I spent several nights, in the months that followed, battered by the ticking of the clock on the living room wall. Broken by the emptiness of my house once the children started spending scheduled visitation days with their father; discouraged by several interviews that went nowhere, leaving me still financially beholden to a man who had already publicly moved on; and bereaved from the loss of my favorite confidant, I wanted so badly to scream, Mulligan! and undo everything I had done. Surely, the pit I was living in was more do-able than where I was, and I would have forsaken a great many steps toward progress to find my friend in the harbor again, waiting for me.
I took up a thousand trends for about forty-five seconds before feeling like a ludicrous coward and abandoning them.
I tried working out, only to be further upset because, as I quickly learned, I can’t work out for shit when I’m emotionally off-kilter.
On and on, I both attempted to embrace the silence, learning to deal with myself and sort my own thoughts, and tried to beat the silence into submission. Forward- I learned how to balance productivity with rest. Back- I’d get emotionally overwhelmed from the kajillion difficulties I was facing and allowed myself to be distracted by pointless text conversations, company I wasn’t really up for, or the attention of men who were never going to fit. Forward- I started to recognize patterns of behavior and created better coping mechanisms. Back- I heard something/saw something/felt something that put me back into a late night revelry, and I cried all the way to work. Forward- I learned not to force quiet time into any sort of rubric, but just to go with my inclinations, unapologetically, and feed my soul. Back- I purposefully read/creeped things not conducive to acceptance.
I alternately wanted to high-five myself for doing something I knew was responsible and necessary to my functionality as an adult…and eat an entire bag of Snickers while crying into one of my cats while listening to Kings of Leon.
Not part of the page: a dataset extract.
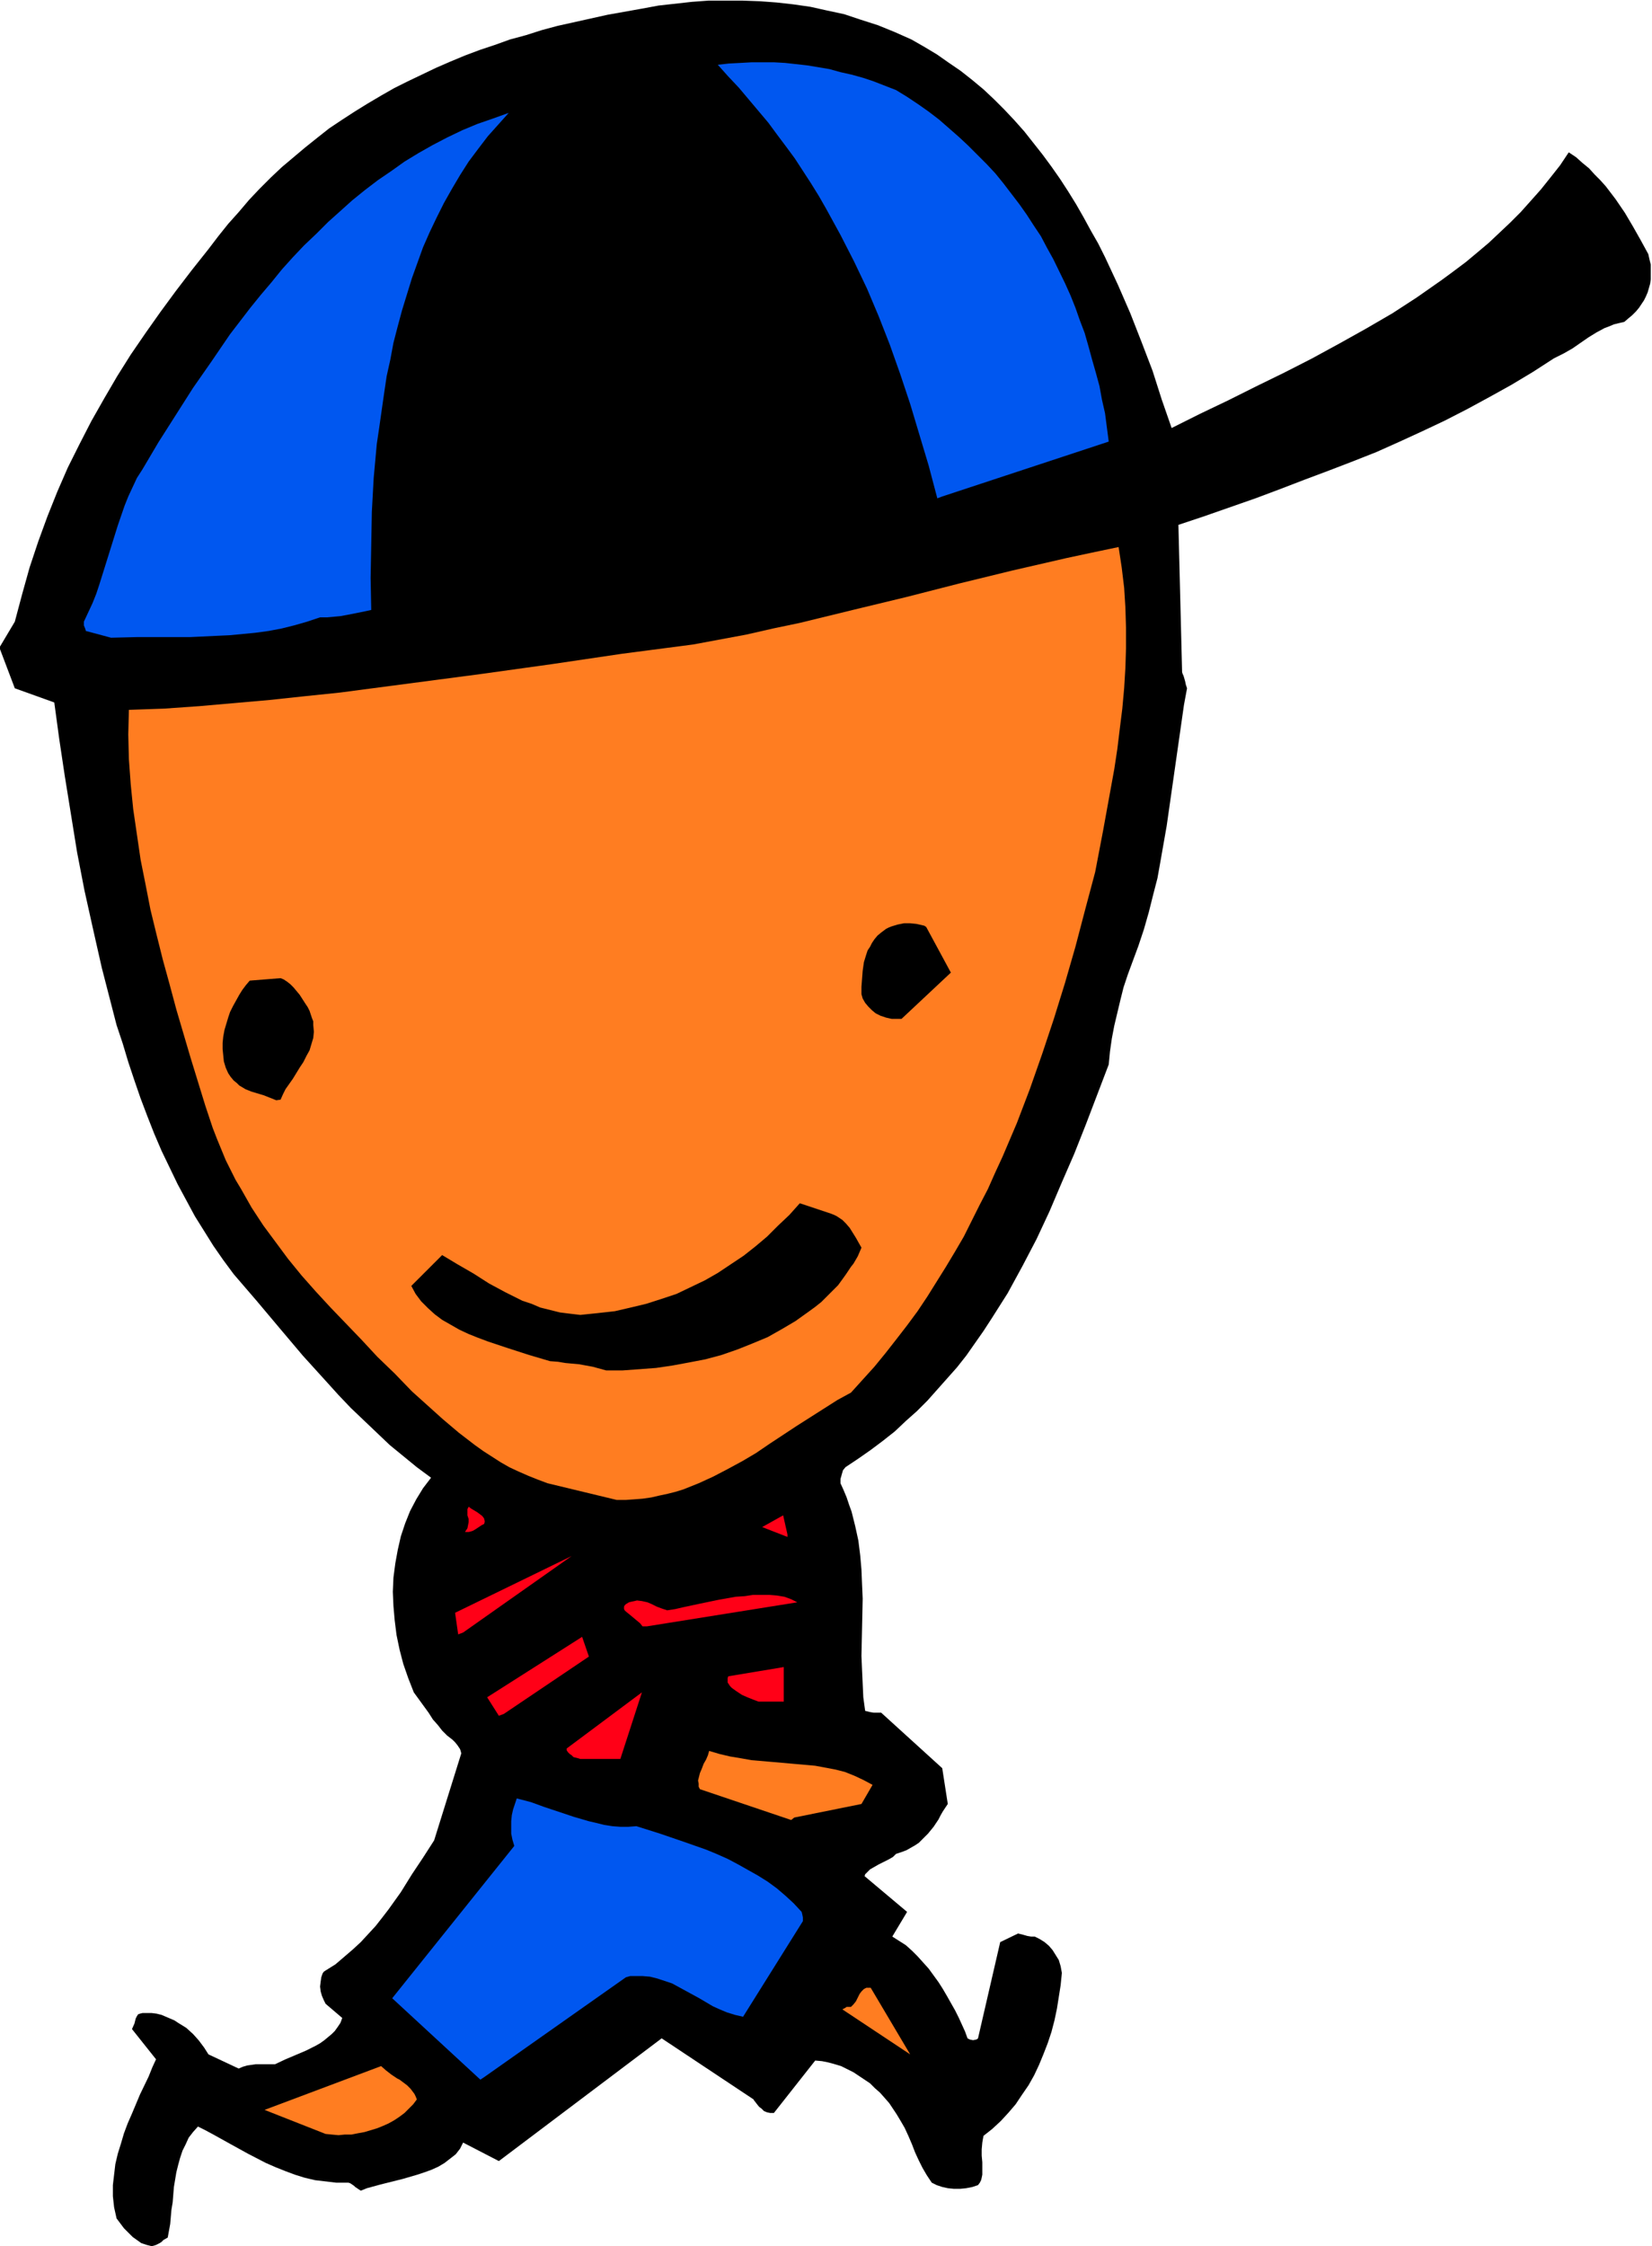 <svg xmlns="http://www.w3.org/2000/svg" fill-rule="evenodd" height="588.515" preserveAspectRatio="none" stroke-linecap="round" viewBox="0 0 2679 3642" width="432.95"><style>.brush1{fill:#000}.pen1{stroke:none}.brush2{fill:#ff7d21}.brush3{fill:#0057f0}</style><path class="pen1 brush1" d="m246 3642 4-1 3-1 6-3 3-2 3-3 7-4 2-11 2-11 2-23 2-12 2-25 2-12 2-12 3-12 3-11 4-12 5-10 5-11 7-9 8-9 12 6 13 7 27 15 29 16 29 15 16 7 15 6 16 6 16 5 17 4 17 2 17 2h20l3 1 6 4 2 2 3 2 3 2 3 2 10-4 11-3 11-3 12-3 24-6 24-7 12-4 11-4 11-5 10-6 9-7 9-7 7-9 5-10 58 30 264-199 149 99 1 2 1 1 3 4 4 5 4 3 4 4 5 2 5 1h6l67-85 11 1 10 2 11 3 10 3 10 5 10 5 9 6 9 6 9 6 8 8 8 7 8 9 7 8 6 9 6 9 6 10 7 12 6 13 6 14 5 13 6 13 6 12 7 12 8 12 8 4 9 3 9 2 10 1h10l10-1 10-2 9-3 3-4 2-4 1-4 1-5v-20l-1-11v-10l1-11 1-6 1-5 14-11 14-13 12-13 12-14 10-15 11-16 9-16 8-17 7-17 7-18 6-18 5-19 4-19 3-19 3-19 2-20-2-11-3-10-5-8-5-8-6-7-7-6-8-5-8-4h-6l-6-1-7-2-8-2-29 14-36 156-1 1-2 1-5 1-5-1-4-2-4-11-5-11-5-11-6-12-13-23-7-12-7-11-8-11-8-11-9-10-9-10-9-9-10-9-11-7-11-7 24-40-69-58 1-3 3-3 5-5 7-4 7-4 16-8 7-4 5-5 9-3 8-3 7-4 7-4 6-4 5-5 10-10 9-11 8-12 3-6 4-7 8-12-9-58-99-90h-12l-6-1-4-1-4-1-3-22-1-22-1-22-1-23 1-46 1-47-1-23-1-24-2-23-3-24-5-23-6-24-4-11-4-12-5-12-5-11v-7l2-7 2-7 4-5 21-14 20-14 20-15 19-15 18-17 18-16 17-17 16-18 16-18 16-18 15-19 14-20 14-20 13-20 26-41 12-22 12-22 23-44 21-45 20-47 20-46 19-48 37-97 2-21 3-21 4-21 5-21 5-21 5-20 7-21 7-19 10-27 9-27 8-28 7-28 7-27 5-28 10-57 8-56 4-28 4-28 8-56 4-28 5-27-2-6-1-5-2-7-1-3-1-2-1-3-6-239 42-14 83-29 40-15 39-15 40-15 39-15 38-15 38-17 37-17 36-17 37-19 35-19 36-20 35-21 34-22 8-4 8-4 14-8 13-9 13-9 13-8 13-7 8-3 7-3 8-2 9-2 7-6 6-5 6-6 5-6 4-6 4-6 3-6 3-7 2-7 2-7 1-7v-24l-2-8-2-9-12-22-13-23-13-22-15-22-16-21-9-10-9-9-9-10-11-9-10-9-12-8-14 21-15 19-16 20-16 18-17 19-17 17-18 17-17 16-19 16-18 15-20 15-19 14-20 14-20 14-40 26-43 25-43 24-44 24-45 23-45 22-46 23-46 22-46 23-16-46-15-47-18-47-18-46-20-46-21-45-11-22-12-21-12-22-12-21-13-21-13-20-14-20-14-19-15-19-15-19-16-18-16-17-17-17-17-16-18-15-19-15-19-13-20-14-20-12-21-12-27-12-27-11-28-9-27-9-28-6-27-6-28-4-27-3-27-2-28-1h-55l-27 2-27 3-27 3-27 5-28 5-28 5-27 6-54 12-26 7-25 8-26 7-25 9-24 8-24 9-24 10-23 10-23 11-23 11-22 11-21 12-22 13-21 13-20 13-21 14-19 15-20 16-19 16-19 16-18 17-18 18-17 18-17 20-17 19-16 20-16 21-27 34-26 34-25 34-24 34-24 35-22 35-21 36-21 37-19 37-19 38-17 39-16 40-15 41-14 42-12 43-12 45-25 42 25 66 64 23 8 59 9 60 10 62 10 62 12 62 14 63 14 62 16 62 8 31 10 30 9 30 10 30 10 29 11 29 11 28 12 28 13 27 13 27 14 26 14 26 15 24 15 24 16 23 17 23 37 43 37 44 38 45 39 43 19 21 20 21 21 20 21 20 21 20 22 18 22 18 23 17-13 17-11 18-10 19-8 20-7 21-5 22-4 22-3 23-1 23 1 23 2 23 3 24 5 24 6 23 8 23 9 23 16 22 8 11 7 11 8 9 7 9 8 8 9 7 4 4 4 5 4 6 1 3 1 4-44 141-18 28-18 27-18 29-20 28-10 13-11 14-12 13-12 13-13 12-14 12-14 12-16 10-3 2-2 3-2 6-1 7-1 8 1 8 2 7 3 7 3 6 27 23-3 8-4 6-5 7-5 5-6 5-6 5-7 5-7 4-16 8-33 14-17 8h-31l-7 1-7 1-7 2-7 3-49-23-7-11-9-12-9-10-11-10-13-8-6-4-7-3-7-3-7-3-8-2-8-1h-15l-4 1-3 1-2 3-2 4-2 8-4 9 39 49-6 13-6 15-14 29-13 31-7 16-6 16-5 17-5 16-4 17-2 17-2 17v18l2 18 4 18 12 16 7 7 7 7 7 5 7 5 9 3 8 2z"/><path class="pen1 brush2" d="m528 3460 10 1 11 1 10-1h11l10-2 11-2 10-3 10-3 10-4 9-4 9-5 9-6 8-6 7-7 7-7 6-8-2-5-2-4-6-8-6-6-8-6-4-3-4-2-9-6-9-7-8-7-189 71 99 39z"/><path class="pen1 brush3" d="m785 3368 230-162 7-2h20l12 1 12 3 12 4 12 4 11 6 11 6 22 12 22 13 11 5 12 5 13 4 13 3 97-155v-6l-1-5-1-4-13-14-13-12-14-12-15-11-16-10-16-9-16-9-17-9-18-8-17-7-37-13-38-13-38-12-13 1h-13l-13-1-13-2-12-3-13-3-24-7-24-8-24-8-22-8-23-6-3 9-3 9-2 9-1 10v20l2 10 3 10-198 247 143 132 6-4z"/><path class="pen1 brush2" d="m1476 3331-64-108h-7l-2 1-2 1-4 4-3 4-3 6-3 6-4 5-4 4h-7l-3 2-4 2 110 73zm-188-384 109-22 18-31-15-8-15-7-15-6-16-4-16-3-16-3-34-3-34-3-35-3-17-3-18-3-17-4-17-5-2 7-3 7-4 7-3 8-3 7-2 8-1 4 1 5v5l2 4 148 50 5-4z"/><path class="pen1" d="M941 2852h65l35-108-122 91v3l2 3 3 3 3 2 3 3 4 1 4 1 3 1zm-124-73 138-93-11-32-154 98 19 30 8-3zm413-20h41v-56l-90 15-1 3v7l2 3 2 3 3 3 7 5 9 6 9 4 10 4 8 3zm-479-112 176-124-189 92 5 35 8-3zm298-10 244-39-10-5-11-4-12-2-12-1h-27l-13 2-15 1-28 5-29 6-28 6-13 3-13 2-9-3-8-3-4-2-4-2-7-3-9-2-8-1-4 1-5 1-4 1-5 3-2 2-1 2v4l1 2 2 2 5 4 6 5 6 5 6 5 4 5h7zm228-149-7-31-34 19 41 16v-4zm-517-4 4-1 3-1 5-3 6-4 3-2 4-2 1-3v-2l-1-4-3-4-4-3-4-3-5-3-5-3-4-3-2 4v10l2 6v5l-1 5-1 5-4 6h6z" style="fill:#ff0017"/><path class="pen1 brush2" d="M1000 2432h15l14-1 13-1 14-2 13-3 14-3 12-3 13-4 25-10 24-11 23-12 24-13 22-13 22-15 44-29 44-28 22-14 22-12 19-21 19-21 18-22 18-23 17-22 17-23 16-24 15-24 15-24 15-25 14-24 13-26 13-26 13-25 12-27 12-26 23-54 21-55 20-57 19-57 18-58 17-59 16-61 16-60 13-68 12-66 6-33 5-33 4-33 4-32 3-33 2-33 1-32v-33l-1-33-2-32-4-33-5-33-43 9-42 9-87 20-86 21-86 22-87 21-86 21-43 9-44 10-43 8-43 8-115 15-115 17-115 16-114 15-114 15-58 6-56 6-57 5-57 5-57 4-57 2-1 40 1 40 3 41 4 40 6 41 6 41 8 40 8 41 10 41 10 40 11 40 11 41 23 78 12 39 12 39 6 18 6 18 7 18 7 17 7 17 8 16 8 16 9 15 17 30 19 29 20 27 20 27 22 27 23 26 24 26 25 26 25 26 26 28 28 27 28 29 50 45 26 22 26 20 14 10 14 9 14 9 14 8 15 7 16 7 15 6 16 6 112 27z"/><path class="pen1 brush1" d="M983 2222h27l27-2 27-2 27-4 27-5 26-5 26-7 26-9 25-10 24-10 23-13 22-13 21-15 11-8 10-8 9-9 9-9 9-9 8-11 5-7 4-6 4-6 4-5 7-12 3-7 3-7-9-16-5-8-5-8-6-7-6-6-9-6-4-2-5-2-51-17-17 19-18 17-18 18-19 16-19 15-21 14-21 14-21 12-23 11-23 11-24 8-25 8-25 6-26 6-27 3-29 3-17-2-16-2-16-4-16-4-14-6-15-5-14-7-14-7-26-14-25-16-26-15-25-15-50 50 7 13 9 12 11 11 11 10 12 9 14 8 14 8 15 7 15 6 16 6 33 11 34 11 34 10 13 1 12 2 11 1 11 1 22 4 11 3 11 3zm-528-439 4-9 4-8 12-17 11-18 6-9 5-10 5-9 3-10 3-10 1-10-1-11v-6l-2-5-2-6-2-6-3-6-4-6-9-14-5-6-5-6-5-5-5-4-6-4-5-2-50 4-6 7-6 8-5 8-5 9-5 9-5 10-3 9-3 10-3 10-2 11-1 10v10l1 10 1 10 3 10 4 9 4 6 5 6 5 4 4 4 5 3 5 3 10 4 10 3 10 3 10 4 10 4 7-1zm991-131h16l80-75-40-74-3-2-4-1-9-2-10-1h-10l-10 2-10 3-5 2-4 2-4 3-4 3-6 5-5 6-4 6-3 6-4 6-2 6-4 13-2 14-1 13-1 13v12l2 7 4 7 5 6 6 6 6 5 8 4 9 3 9 2z"/><path class="pen1 brush3" d="m180 1034 42-1h86l42-2 22-1 21-2 21-2 22-3 21-4 20-5 21-6 21-7h11l11-1 11-1 11-2 10-2 10-2 10-2 9-2-1-52 1-53 1-54 3-55 5-55 4-27 4-28 4-28 4-27 6-27 5-27 7-27 7-26 8-26 8-26 9-25 9-25 11-25 11-23 12-24 13-23 13-22 14-22 15-20 16-21 17-19 17-19-25 9-26 9-24 10-25 12-23 12-23 13-23 14-21 15-22 15-21 16-21 17-20 18-19 17-19 19-20 19-18 19-18 20-17 21-17 20-17 21-33 43-30 44-30 43-28 44-28 44-26 44-9 14-7 15-7 15-6 15-11 32-10 32-10 32-10 32-5 15-6 15-7 15-7 15v6l2 5 1 3v1l41 11zm1348-229 270-89-3-23-3-23-5-22-4-22-6-22-6-21-6-22-6-21-8-21-7-20-8-20-9-20-19-39-10-18-10-19-12-18-11-17-12-17-13-17-13-17-13-16-14-15-15-15-15-15-15-14-16-14-16-14-17-13-17-12-18-12-18-11-18-7-18-7-18-6-18-5-18-4-18-5-18-3-18-3-18-2-18-2-18-1h-36l-18 1-19 1-18 2 17 19 17 18 16 19 16 19 16 19 14 19 15 20 14 19 13 20 13 20 13 21 12 21 23 42 22 43 21 44 19 45 18 46 17 48 16 48 15 50 15 50 14 53 8-3z"/></svg>

Fast-forward to the present, and while I have my occasional set-backs, in the aftermath of the destruction of my former life and confrontation with true alone-ness, I came to terms with my purpose and learned to “do small things with great love” while quietly and steadfastly working my way there. I have finally learned to appreciate days of utter silence and utilize them to check in with myself, to right the sails I have since fashioned. Though my mind is ever-active- a pot boiling over, at times, with thoughts and ideas- the opportunities for introspection, discernment, and accountability have aided me in mastering myself and enjoying my own company. Additionally, I have learned to enjoy company and guidance through its natural duration and not to mourn its moving on, as we are all evolving into our own somethings. I would be remiss to say that this wasn’t a messy process (because it super freakin’ was), but the battle has been worth the spoils I found.
On the mornings I wake up to silence now, or in the hours that are occasionally gifted as stillness, I just think gently to myself, It’s time to begin, and say hello.